To represent a number in these proportions, we’ll need at least 32 bits to represent any number of that magnitude, which now brought problems for the English alphabet, because Unicode is compatible with ASCII, meaning “A” is still 65 and “a” is still 97. But when we look at the 32-bit binary of these numbers, we now use 4x more space to represent the same characters.

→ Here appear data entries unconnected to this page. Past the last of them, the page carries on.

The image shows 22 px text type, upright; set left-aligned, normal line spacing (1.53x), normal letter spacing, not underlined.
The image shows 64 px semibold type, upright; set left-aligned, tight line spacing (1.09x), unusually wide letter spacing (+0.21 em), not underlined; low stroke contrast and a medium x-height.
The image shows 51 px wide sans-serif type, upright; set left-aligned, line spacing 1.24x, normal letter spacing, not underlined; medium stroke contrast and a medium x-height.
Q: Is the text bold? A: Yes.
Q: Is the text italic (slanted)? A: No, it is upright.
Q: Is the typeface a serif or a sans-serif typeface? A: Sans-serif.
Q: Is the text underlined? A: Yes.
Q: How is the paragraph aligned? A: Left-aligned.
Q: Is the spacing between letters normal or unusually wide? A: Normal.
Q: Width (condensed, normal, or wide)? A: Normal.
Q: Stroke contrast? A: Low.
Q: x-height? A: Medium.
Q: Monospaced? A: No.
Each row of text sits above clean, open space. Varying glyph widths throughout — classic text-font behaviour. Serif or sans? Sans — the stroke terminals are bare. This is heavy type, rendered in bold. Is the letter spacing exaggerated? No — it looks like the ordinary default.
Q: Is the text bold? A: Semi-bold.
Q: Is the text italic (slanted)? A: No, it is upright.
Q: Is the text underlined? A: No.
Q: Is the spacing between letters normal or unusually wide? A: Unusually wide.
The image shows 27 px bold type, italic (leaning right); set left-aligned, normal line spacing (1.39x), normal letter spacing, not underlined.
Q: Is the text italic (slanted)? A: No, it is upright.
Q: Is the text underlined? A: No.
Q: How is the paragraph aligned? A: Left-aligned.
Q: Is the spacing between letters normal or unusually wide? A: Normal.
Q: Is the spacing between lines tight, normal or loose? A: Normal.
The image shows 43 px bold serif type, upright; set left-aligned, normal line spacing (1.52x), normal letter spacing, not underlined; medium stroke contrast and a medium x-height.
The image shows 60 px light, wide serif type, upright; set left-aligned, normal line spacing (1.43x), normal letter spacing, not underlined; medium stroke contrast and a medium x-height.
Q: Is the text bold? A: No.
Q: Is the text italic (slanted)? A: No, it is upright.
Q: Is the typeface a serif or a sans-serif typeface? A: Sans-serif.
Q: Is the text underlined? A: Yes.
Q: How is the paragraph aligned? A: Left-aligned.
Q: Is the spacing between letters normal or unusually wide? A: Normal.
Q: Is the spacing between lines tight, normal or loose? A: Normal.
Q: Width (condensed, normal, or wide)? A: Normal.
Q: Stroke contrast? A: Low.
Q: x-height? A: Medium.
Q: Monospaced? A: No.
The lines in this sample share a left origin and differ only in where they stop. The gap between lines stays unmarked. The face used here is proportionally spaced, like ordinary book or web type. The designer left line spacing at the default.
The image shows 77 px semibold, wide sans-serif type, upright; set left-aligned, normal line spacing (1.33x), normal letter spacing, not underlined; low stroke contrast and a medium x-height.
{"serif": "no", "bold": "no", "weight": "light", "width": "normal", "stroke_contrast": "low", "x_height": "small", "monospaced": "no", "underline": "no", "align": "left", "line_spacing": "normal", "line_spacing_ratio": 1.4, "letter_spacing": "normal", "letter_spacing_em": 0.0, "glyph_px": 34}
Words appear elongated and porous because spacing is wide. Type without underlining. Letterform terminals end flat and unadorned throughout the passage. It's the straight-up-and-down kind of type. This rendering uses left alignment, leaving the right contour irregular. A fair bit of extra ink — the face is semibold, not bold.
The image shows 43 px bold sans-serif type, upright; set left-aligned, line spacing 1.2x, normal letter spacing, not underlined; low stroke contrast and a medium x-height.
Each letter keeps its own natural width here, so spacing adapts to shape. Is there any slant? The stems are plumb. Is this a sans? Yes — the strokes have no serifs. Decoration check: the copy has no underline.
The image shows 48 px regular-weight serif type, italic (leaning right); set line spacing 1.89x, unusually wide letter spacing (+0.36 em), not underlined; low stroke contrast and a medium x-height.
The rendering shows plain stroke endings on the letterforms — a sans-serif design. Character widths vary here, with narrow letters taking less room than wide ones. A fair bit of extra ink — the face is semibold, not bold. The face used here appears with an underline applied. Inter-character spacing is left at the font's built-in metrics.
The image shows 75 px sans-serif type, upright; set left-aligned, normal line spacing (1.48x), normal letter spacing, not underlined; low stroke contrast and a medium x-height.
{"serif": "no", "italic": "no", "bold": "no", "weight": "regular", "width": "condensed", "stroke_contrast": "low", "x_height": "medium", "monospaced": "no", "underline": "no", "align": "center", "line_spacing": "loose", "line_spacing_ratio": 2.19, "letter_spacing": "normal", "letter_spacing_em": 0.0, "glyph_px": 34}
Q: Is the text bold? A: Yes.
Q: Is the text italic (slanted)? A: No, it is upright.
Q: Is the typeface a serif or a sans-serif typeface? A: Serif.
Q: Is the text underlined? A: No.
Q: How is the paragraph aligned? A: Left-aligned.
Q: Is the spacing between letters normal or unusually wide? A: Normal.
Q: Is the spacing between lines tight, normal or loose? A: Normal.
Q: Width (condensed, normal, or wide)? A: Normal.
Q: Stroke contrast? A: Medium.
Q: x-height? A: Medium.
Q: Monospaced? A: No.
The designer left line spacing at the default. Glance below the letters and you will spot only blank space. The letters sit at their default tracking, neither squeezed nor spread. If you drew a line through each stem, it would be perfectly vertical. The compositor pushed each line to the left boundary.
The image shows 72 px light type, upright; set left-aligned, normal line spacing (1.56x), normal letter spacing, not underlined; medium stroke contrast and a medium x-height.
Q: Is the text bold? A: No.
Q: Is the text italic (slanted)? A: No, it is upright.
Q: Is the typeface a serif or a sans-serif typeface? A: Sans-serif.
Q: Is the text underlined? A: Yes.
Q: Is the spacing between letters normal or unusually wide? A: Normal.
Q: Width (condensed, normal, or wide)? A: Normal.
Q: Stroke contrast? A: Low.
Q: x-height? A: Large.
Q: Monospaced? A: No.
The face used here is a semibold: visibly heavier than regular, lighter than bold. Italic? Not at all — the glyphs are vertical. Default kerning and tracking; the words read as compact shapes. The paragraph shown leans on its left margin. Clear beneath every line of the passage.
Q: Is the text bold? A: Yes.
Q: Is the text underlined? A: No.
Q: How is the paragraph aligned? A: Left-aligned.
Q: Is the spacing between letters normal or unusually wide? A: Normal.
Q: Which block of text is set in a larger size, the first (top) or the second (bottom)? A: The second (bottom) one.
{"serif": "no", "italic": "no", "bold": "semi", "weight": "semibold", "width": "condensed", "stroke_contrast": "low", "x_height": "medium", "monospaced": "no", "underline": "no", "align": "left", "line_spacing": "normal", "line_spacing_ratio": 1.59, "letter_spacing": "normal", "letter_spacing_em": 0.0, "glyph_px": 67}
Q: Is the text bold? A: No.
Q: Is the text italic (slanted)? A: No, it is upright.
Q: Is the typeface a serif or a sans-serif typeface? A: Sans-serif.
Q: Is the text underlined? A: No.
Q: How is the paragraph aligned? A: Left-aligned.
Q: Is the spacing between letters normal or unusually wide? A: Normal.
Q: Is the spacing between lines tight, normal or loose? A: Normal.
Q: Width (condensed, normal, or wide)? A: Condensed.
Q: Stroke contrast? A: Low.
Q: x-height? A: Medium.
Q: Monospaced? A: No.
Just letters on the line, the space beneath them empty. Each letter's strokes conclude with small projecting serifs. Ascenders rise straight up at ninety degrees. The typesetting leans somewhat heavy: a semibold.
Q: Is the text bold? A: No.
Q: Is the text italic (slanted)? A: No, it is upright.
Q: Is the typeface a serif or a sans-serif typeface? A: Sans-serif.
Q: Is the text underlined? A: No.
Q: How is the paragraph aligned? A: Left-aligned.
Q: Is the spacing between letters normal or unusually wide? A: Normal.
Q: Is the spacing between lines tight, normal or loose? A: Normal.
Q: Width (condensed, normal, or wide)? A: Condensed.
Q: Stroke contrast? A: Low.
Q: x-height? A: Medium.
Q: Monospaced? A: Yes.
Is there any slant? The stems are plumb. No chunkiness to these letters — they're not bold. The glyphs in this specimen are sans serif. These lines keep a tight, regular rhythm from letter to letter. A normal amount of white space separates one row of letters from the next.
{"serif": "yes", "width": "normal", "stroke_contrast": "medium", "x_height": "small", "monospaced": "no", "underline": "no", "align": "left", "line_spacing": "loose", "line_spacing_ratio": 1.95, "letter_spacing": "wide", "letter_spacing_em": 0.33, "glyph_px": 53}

0 | 0 | 0 | 0 | 0 | 0 | 0 | 0 | 0 | 0 | 0 | 0 | 0 | 0 | 0 | 0 | 0 | 0 | 0 | 0 | 0 | 0 | 0 | 0 | 0 | 1 | 0 | 0 | 0 | 0 | 0 | 1 | A | |
0 | 0 | 0 | 0 | 0 | 0 | 0 | 0 | 0 | 0 | 0 | 0 | 0 | 0 | 0 | 0 | 0 | 0 | 0 | 0 | 0 | 0 | 0 | 0 | 0 | 1 | 1 | 0 | 0 | 0 | 0 | 1 | a |
Counting above, there are 25 consecutive zeros that will be present in every text that uses Latin characters, and that’s just the first of our problems. The second is that some old systems interpret a sequence of 8 zeros [NULL
] as the end of a character, the famous \0
in C.
So UTF-8 comes in. The first thing is: if the letter has a number below 127, then you represent it exactly the same as ASCII.
So the first problem is solved: “A” is still 65 and fits in 8 bits. 01000001
.
And for numbers greater than 127? For that, you’ll break your binary into 2 bytes.
1 | 2 |
---|---|
110xxxxx | 10xxxxxx |
In byte 1, you have the header 110
, which means this character was broken into 2 bytes.
In byte 2, you start with the continuation header 10
. All other remaining bits you’ll fill with the number you want to represent.
To calculate, just remove the headers, join all the bits, and the resulting number is the Unicode character. You can do this up to 4096. Beyond that? No problem! Using the header 1110
+ 2 bytes, you have 16 bits.
1 | 2 | 3 |
---|---|---|
1110xxxx | 10xxxxxx | 10xxxxxx |
Want to go further? That’s fine! The standard supports up to the header 1111110x
+ 6 continuation bytes.
Encoding UTF-8#
It’s amazing how this standard manages to deliver:
It’s compatible with previous systems;
It doesn’t waste space;
And at no point in life will there be 8 consecutive zeros in any part of any byte.
Additionally, another reason that made it become the world standard today is that, to move between characters, if you don’t know where you are, you just look for the next header, you don’t need an index.
It’s been several years since UTF-8 became the standard in all internet communication, and the fact that today the average Japanese person doesn’t need to worry about mojibake anymore is because of this brilliant method of encoding text.